Mary Hobart's Experience
With over 25 years of experience in clinical, academic, pharmaceutical medicine, and drug development, Mary Hobart brings a wealth of expertise to her role at OPDC. Her extensive background encompasses various facets of the healthcare and pharmaceutical industries, allowing her to provide valuable insights and leadership. Her experience ensures that OPDC's regulatory strategies are not only compliant with international standards but also innovative and forward-thinking.
Mary Hobart's Company
Mary Hobart is a key executive at Otsuka Pharmaceutical Development & Commercialization, Inc. (OPDC), a subsidiary of Otsuka Holdings Co., Ltd. OPDC is known for its dedication to innovative solutions in the fields of neuroscience, oncology, and cardiovascular health. Under Mary's leadership in regulatory affairs, the company continues to advance its mission of delivering new and effective treatments to patients worldwide, navigating the intricacies of global regulatory environments.

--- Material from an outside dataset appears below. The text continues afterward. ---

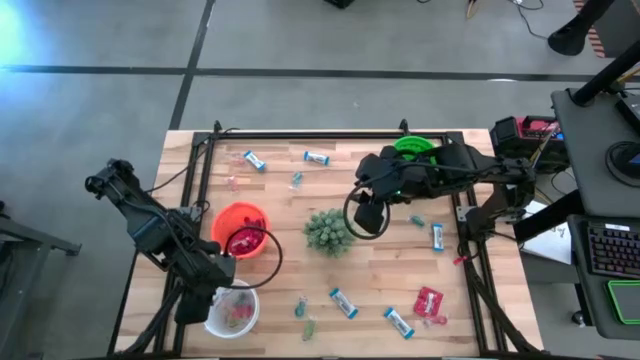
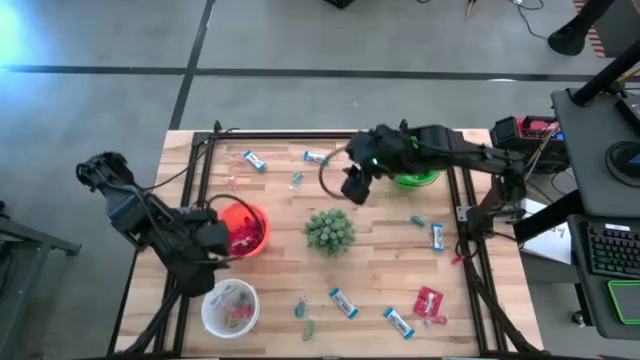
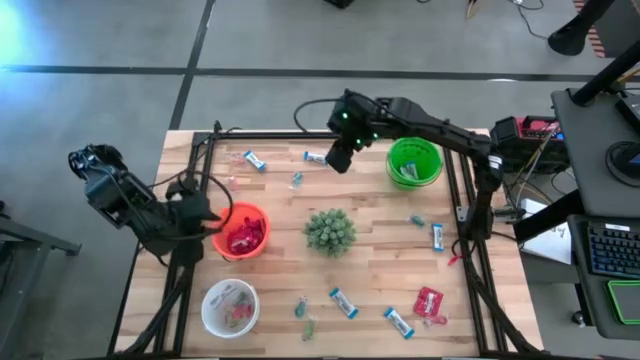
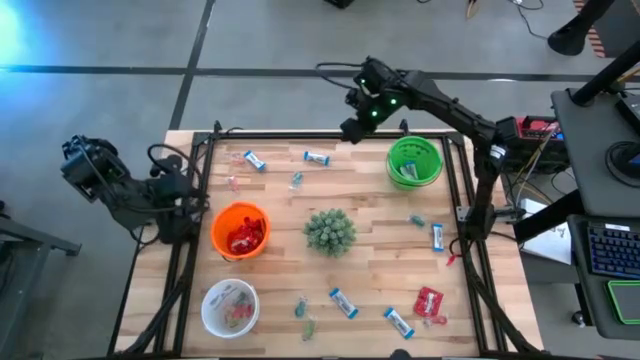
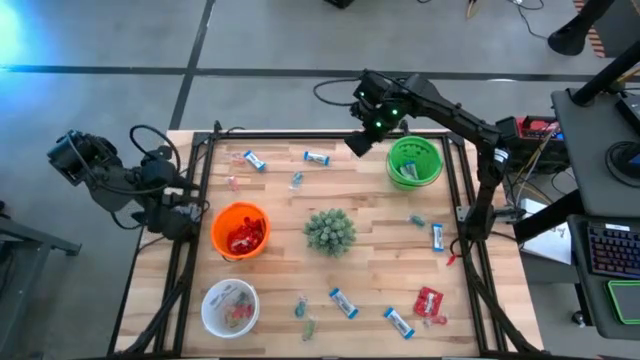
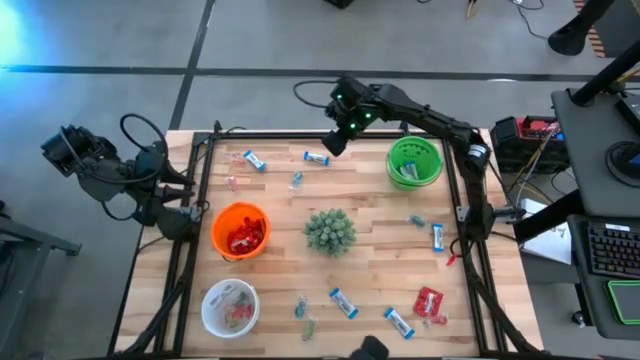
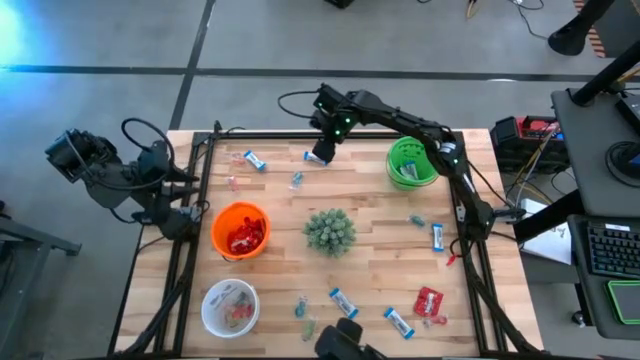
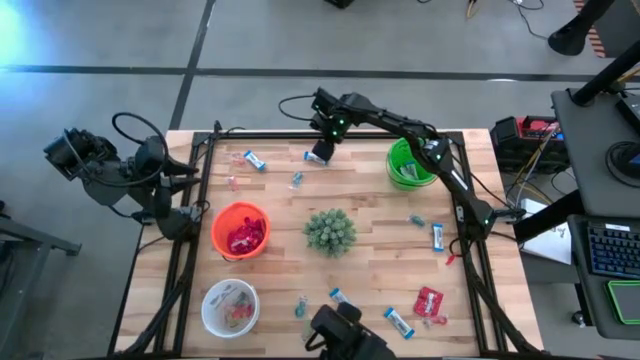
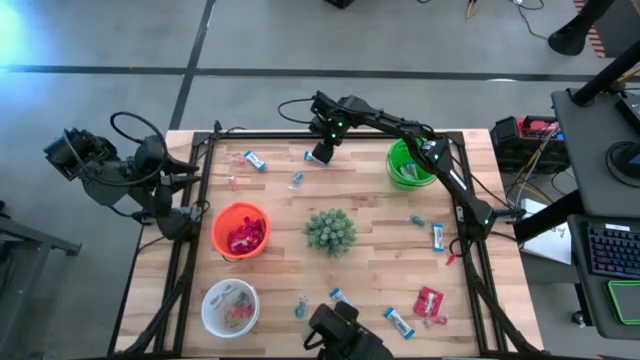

Mary Hobart's Achievements
Throughout her illustrious career, Mary Hobart has played a crucial role in the successful approval and commercialization of numerous pharmaceutical products. Her strategic approach to regulatory affairs has ensured that these products not only comply with stringent regulatory standards but also reach the market in a timely manner. Her achievements include leading regulatory submissions, managing complex clinical trials, and contributing to the development of groundbreaking therapies that address unmet medical needs.